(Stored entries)
***
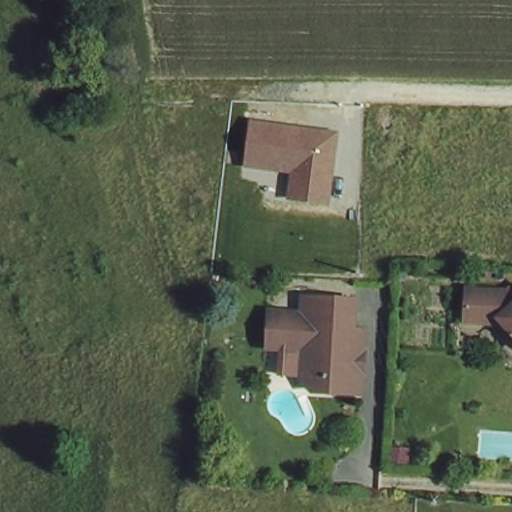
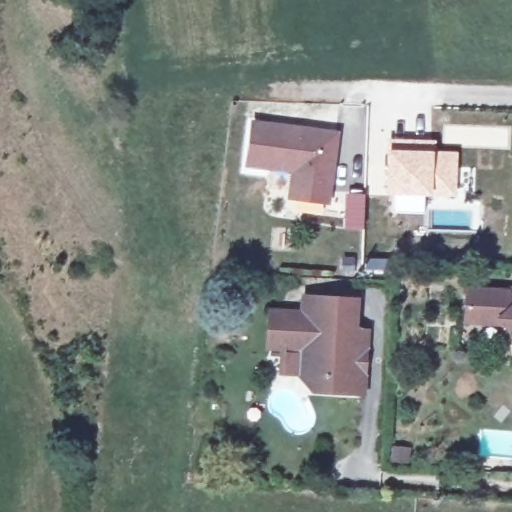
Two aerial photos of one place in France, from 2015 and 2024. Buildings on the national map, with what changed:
unchanged [(250,120),(339,131),(331,207),(286,200),(289,174),(244,167),(250,120)]
new [(430,197),(383,194),(385,149),(386,139),(435,140),(434,152),(457,152),(454,196),(430,197)]
unchanged [(465,325),(462,292),(504,292),(512,303),(512,343),(495,324),(465,325)]
unchanged [(363,400),(308,397),(293,376),(295,355),(262,353),(264,314),(297,314),(299,298),(355,302),(355,332),(370,332),(363,400)]
***
> _YOUR GOAL_
Only the pictures may be dropped; print every record exactly as given.

> _FINAL ANSWER_
Two aerial photos of one place in France, from 2015 and 2024. Buildings on the national map, with what changed:
unchanged [(250,120),(339,131),(331,207),(286,200),(289,174),(244,167),(250,120)]
new [(430,197),(383,194),(385,149),(386,139),(435,140),(434,152),(457,152),(454,196),(430,197)]
unchanged [(465,325),(462,292),(504,292),(512,303),(512,343),(495,324),(465,325)]
unchanged [(363,400),(308,397),(293,376),(295,355),(262,353),(264,314),(297,314),(299,298),(355,302),(355,332),(370,332),(363,400)]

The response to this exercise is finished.